In his lecture on kidney transplantation, Dr, Morrissey described a few different racial disparities in health outcomes in the field of nephrology. Which of the following accurately describes these existing disparities?


A. Native Americans experience the greatest increase in life expectancy in comparison to other races after a successful transplant

B. Black Americans have better survival rates on hemodialysis but worse results than other races with kidney transplants

C. White Americans have better survival rates with hemodialysis and kidney transplants

D. Asian Americans have better survival rates on peritoneal dialysis but not hemodialysis

Answer B.


Only B references a disparity discussed by Dr. Morrissey, all of the other choices are meant to be distractors.


Source Dr. Morrissey Lecture “Organ Transplantation” slide 37

500

In the article “SPIKES - A Six-Step Protocol for Delivering Bad News”, the authors cited several stressors as potential barriers to delivering bad news, based on a survey administered at an American Society of Clinical Oncology (ASCO) Meeting. Which of the following was what the symposium attendees perceived to be the most difficult part of discussing bad news?


A) Being honest but not taking away hope

B) Dealing with the patient’s emotion (e.g., crying, anger)

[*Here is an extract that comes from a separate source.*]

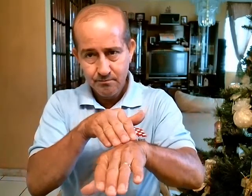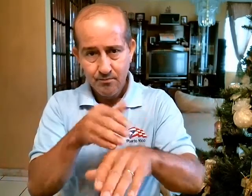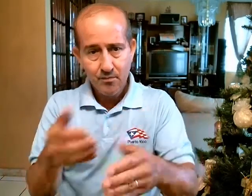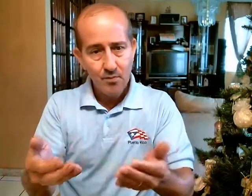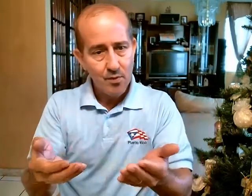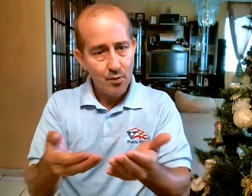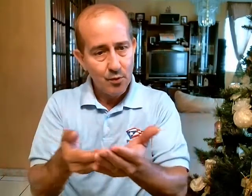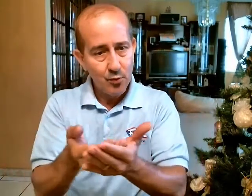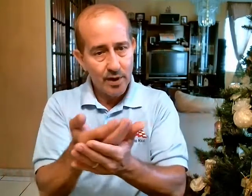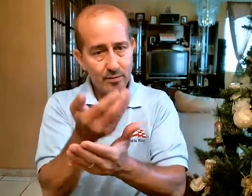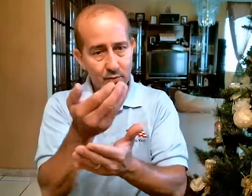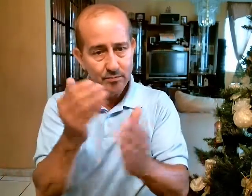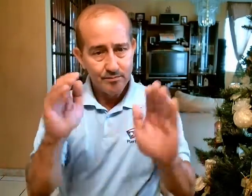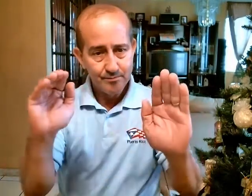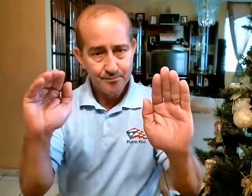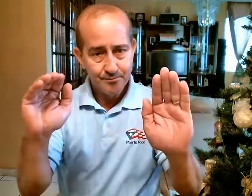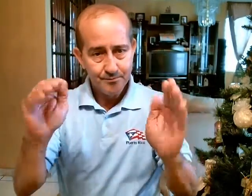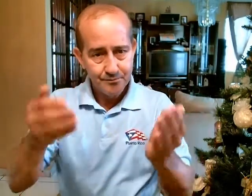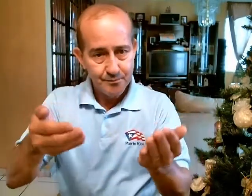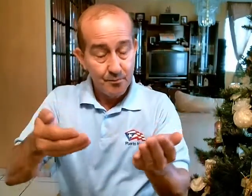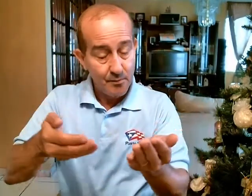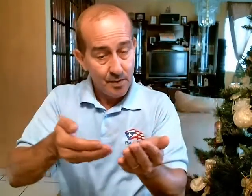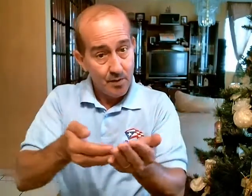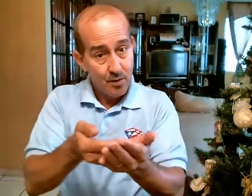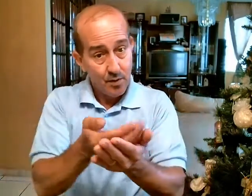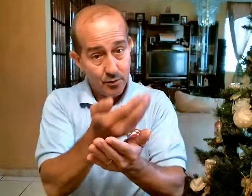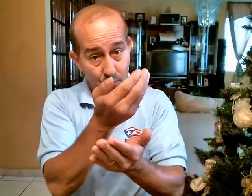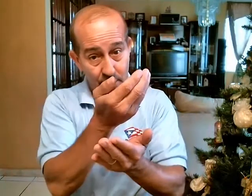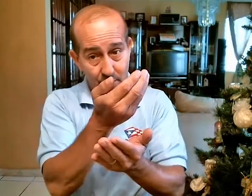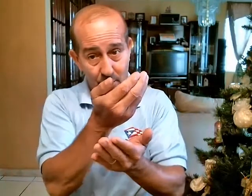Nuevo Nuevo

C) Spending the right amount of time

D) Involving friends and family of the patient

Source: SPIKES article, Paragraph 2 under “Barriers to Breaking Bad News” and Table 1

Correct Answer: A


The correct answer is A, being honest but not taking away hope, which was the answer given by 58% of respondents. Dealing with a patient's emotion, while also a significant concern, comprised only 25.1% of responses. Spending the right amount of time comprised 10.3% of responses, while involving friends and family of the patient comprised 6.5% of the responses.

500

The biopsy result shows that the patient has a Her2neu positive breast cancer. What treatment do you recommend?


a) Tamoxifen

b) Trastuzumab

c) Tamoxifen + chemotherapy

d) Trastuzumab + chemotherapy

The answer is (d) Trastuzumab + chemotherapy. Trastuzumab is used to treat Her2neu+ cancers, while Tamoxifen is used to treat ER+ cancers. Trastuzumab is also more effective when given in conjunction with chemotherapy.

500

Donald is a 74-year-old with Stage IV Stomach Cancer with metastases to the lungs. Given his situation, Dr. Byedn sent him to you, a palliative care physician. Donald reports his pain as 5 on a scale of 10. What drugs do you prescribe?

A. Dexamethasone

B. NSAIDs

C. Opioids

D. Haloperidol

Answer: C. See Comfort Care for Patients Dying in the Hospital. Pain higher than 3 should be treated with opioids.

500

The ________ opioid receptor is responsible for the preponderance of clinical effects caused by opioids. Studies in knockout mice confirm that agonism of these receptors mediates both analgesia and opioid dependence.

a.    Kappa

b.    Delta

c.    Chi

d.    Mu

(d) The mu opioid receptor is indicated in dependency and analgesic effects of exogenous opioids.